━━ Records for this exercise

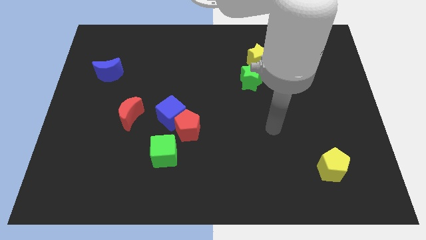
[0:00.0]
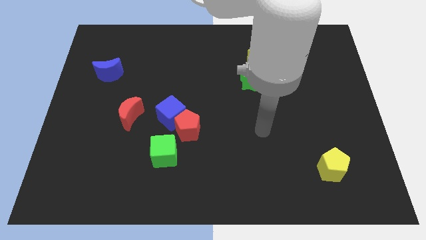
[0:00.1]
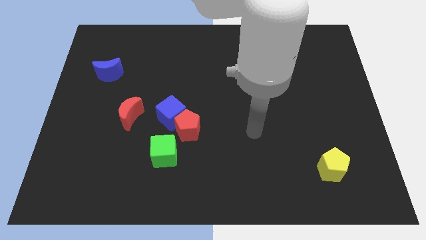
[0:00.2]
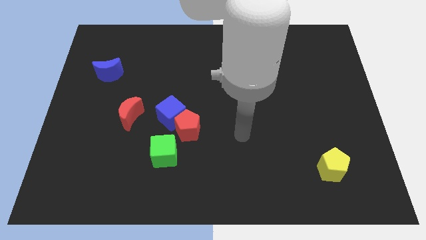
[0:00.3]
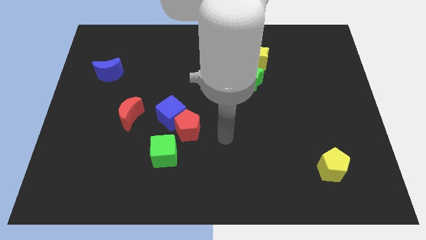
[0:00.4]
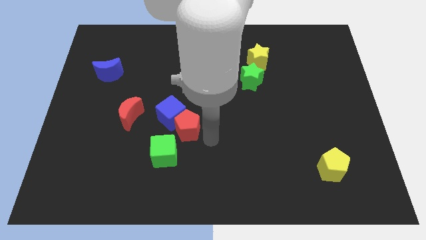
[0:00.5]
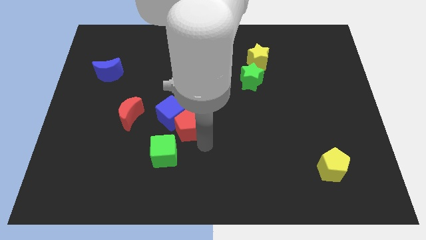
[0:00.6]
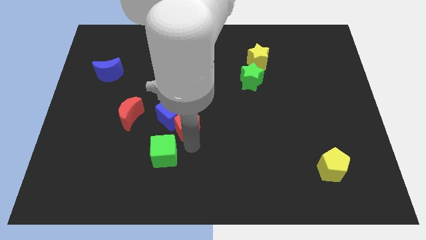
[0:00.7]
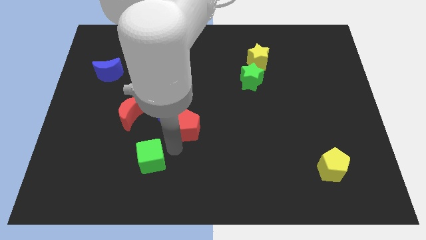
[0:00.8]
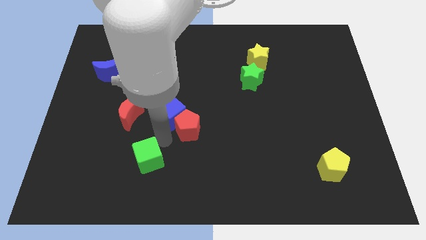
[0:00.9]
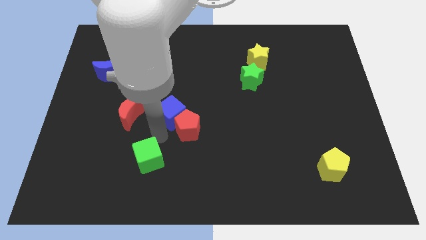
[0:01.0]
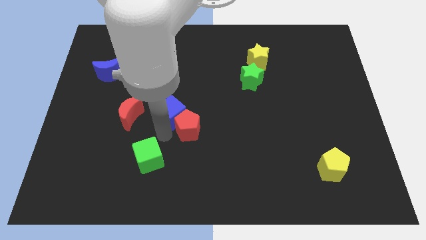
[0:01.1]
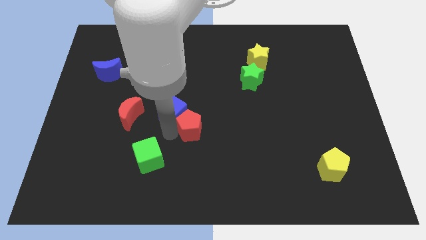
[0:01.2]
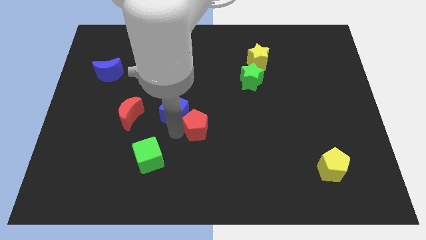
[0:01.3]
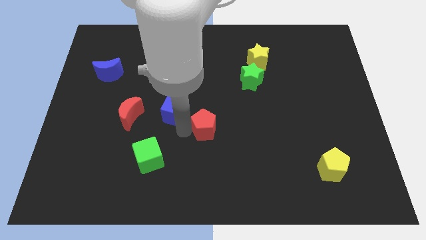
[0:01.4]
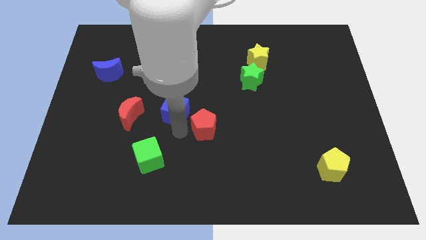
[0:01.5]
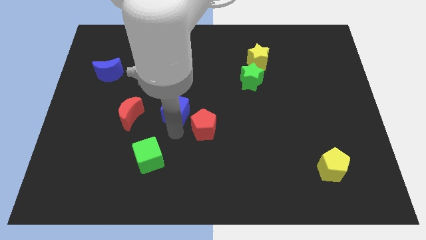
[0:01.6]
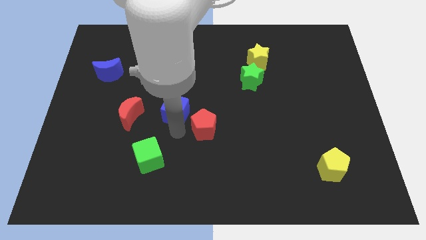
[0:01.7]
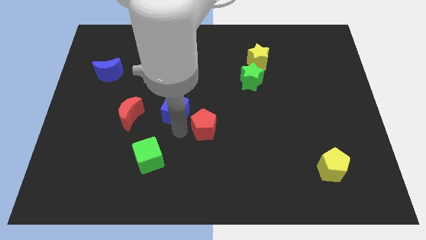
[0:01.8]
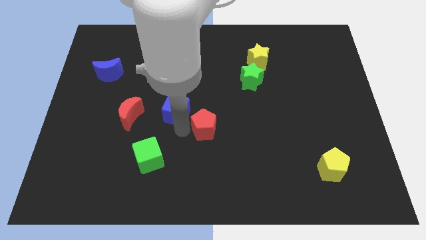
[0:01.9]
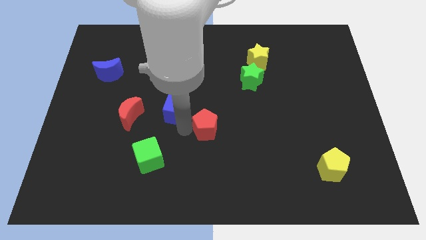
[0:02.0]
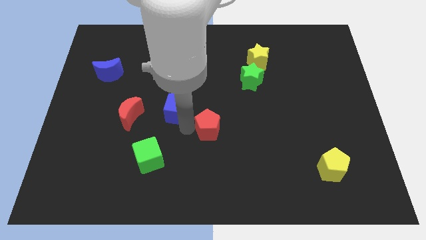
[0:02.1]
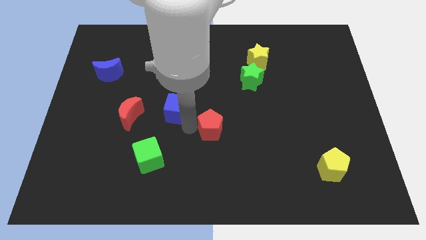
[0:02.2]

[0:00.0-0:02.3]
pull the red pentagon apart from the blue cube and green cube

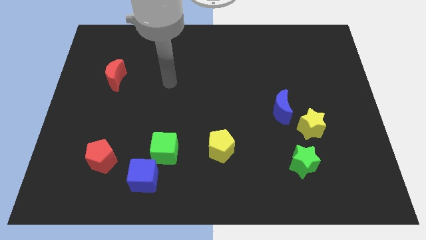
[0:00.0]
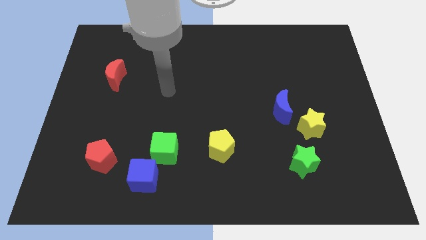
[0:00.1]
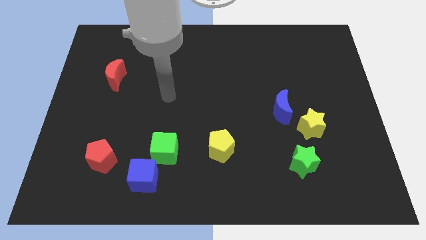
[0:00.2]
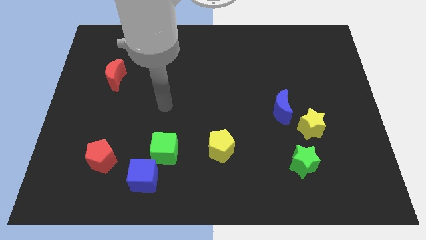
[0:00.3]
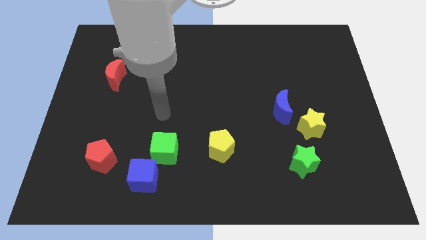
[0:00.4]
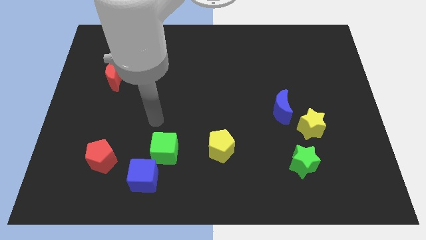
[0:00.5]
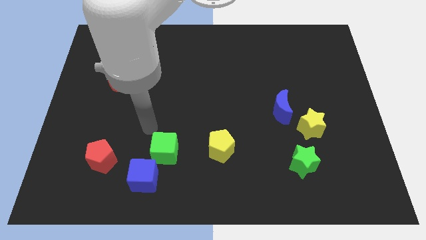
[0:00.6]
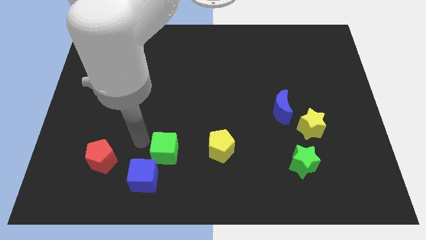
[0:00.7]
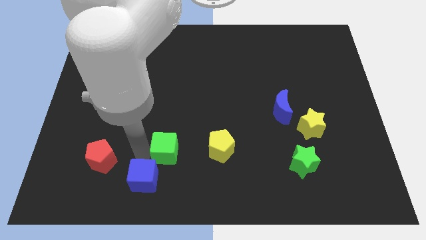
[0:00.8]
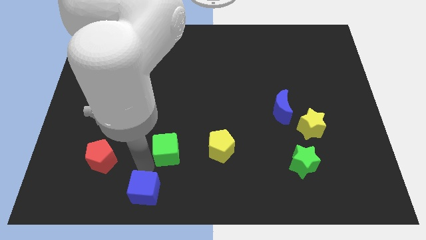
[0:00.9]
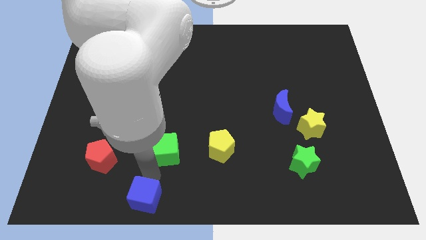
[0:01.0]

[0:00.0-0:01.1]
pull the green cube apart from the blue cube

━━━━

**Task details**
All the lines above should be reproduced exactly, and none of the pictures.

**Result of this exercise**
[0:00.0]
[0:00.1]
[0:00.2]
[0:00.3]
[0:00.4]
[0:00.5]
[0:00.6]
[0:00.7]
[0:00.8]
[0:00.9]
[0:01.0]
[0:01.1]
[0:01.2]
[0:01.3]
[0:01.4]
[0:01.5]
[0:01.6]
[0:01.7]
[0:01.8]
[0:01.9]
[0:02.0]
[0:02.1]
[0:02.2]

[0:00.0-0:02.3]
pull the red pentagon apart from the blue cube and green cube

[0:00.0]
[0:00.1]
[0:00.2]
[0:00.3]
[0:00.4]
[0:00.5]
[0:00.6]
[0:00.7]
[0:00.8]
[0:00.9]
[0:01.0]

[0:00.0-0:01.1]
pull the green cube apart from the blue cube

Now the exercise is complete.